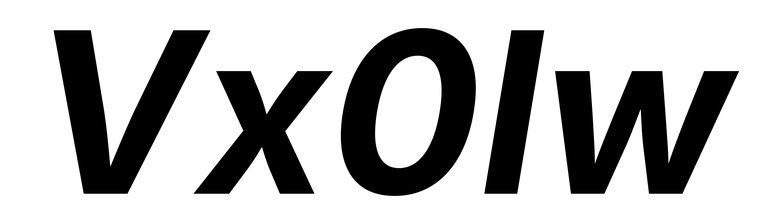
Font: Inter-Italic_Bold_Italic
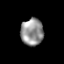
Tissue: prostate
Cell type: T cells
Senescence score: 0.3432
Nuclear area (px): 598
Mean DAPI intensity: 147.033
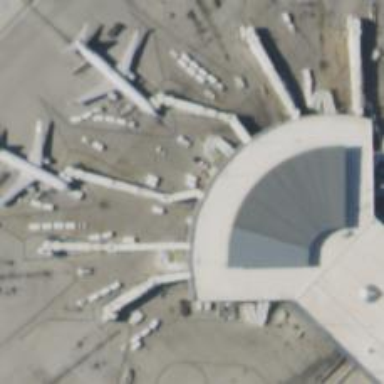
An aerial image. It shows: Airport gate.
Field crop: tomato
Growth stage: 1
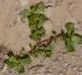
Species: portulaca
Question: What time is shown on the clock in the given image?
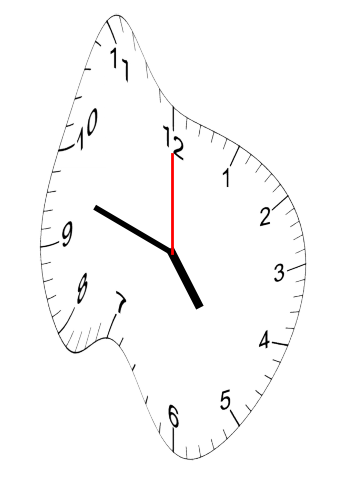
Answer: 04:48:00
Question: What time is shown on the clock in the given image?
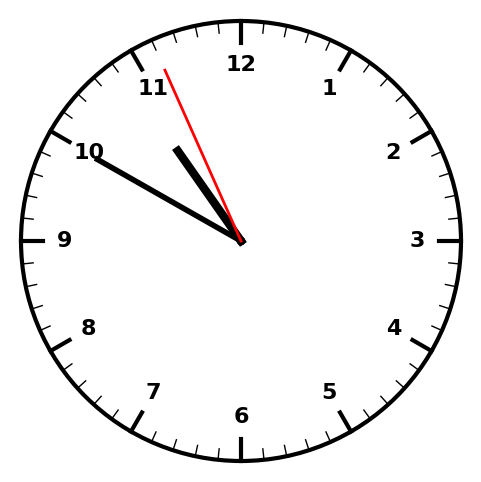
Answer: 10:49:56
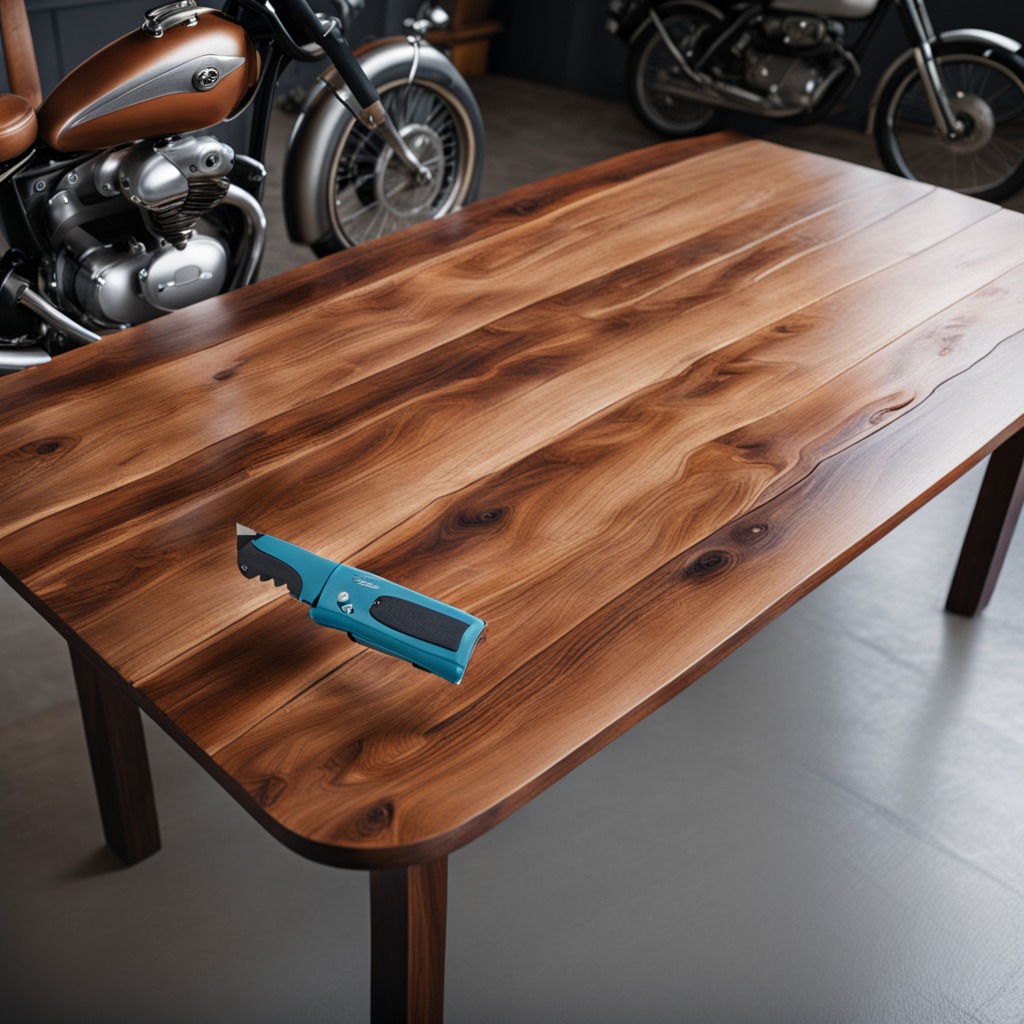
A utility knife is lying on the wooden table in a vintage motorcycle garage.
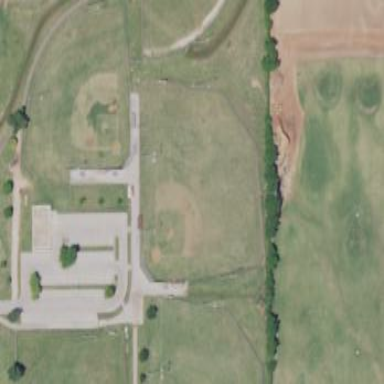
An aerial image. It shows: Baseball pitch for leisure land.
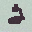
Label: 2
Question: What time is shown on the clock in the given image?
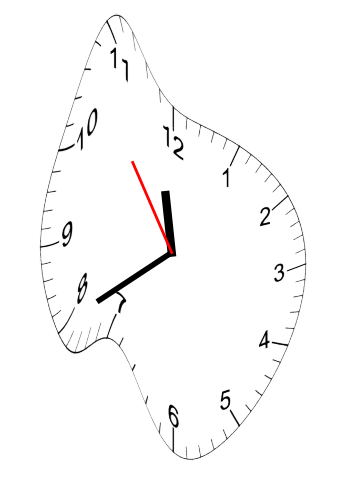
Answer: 11:39:54
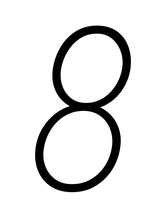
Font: Roboto-Italic_Condensed_ExtraLight_Italic
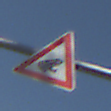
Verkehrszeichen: AmphibienwanderungLinks
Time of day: Midday
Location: Outdoor (Nature)
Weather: Clear
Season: NotSpecified
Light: Natural

__YOUR ASSIGNMENT__: Repeat each line of the records above exactly, but do not copy the pictures.

__EXERCISE RESULT__:
Font: Inter-Italic_Bold_Italic
Tissue: prostate
Cell type: T cells
Senescence score: 0.3432
Nuclear area (px): 598
Mean DAPI intensity: 147.033
An aerial image. It shows: Airport gate.
Field crop: tomato
Growth stage: 1
Species: portulaca
Question: What time is shown on the clock in the given image?
Answer: 04:48:00
Question: What time is shown on the clock in the given image?
Answer: 10:49:56
A utility knife is lying on the wooden table in a vintage motorcycle garage.
An aerial image. It shows: Baseball pitch for leisure land.
Label: 2
Question: What time is shown on the clock in the given image?
Answer: 11:39:54
Font: Roboto-Italic_Condensed_ExtraLight_Italic
Verkehrszeichen: AmphibienwanderungLinks
Time of day: Midday
Location: Outdoor (Nature)
Weather: Clear
Season: NotSpecified
Light: Natural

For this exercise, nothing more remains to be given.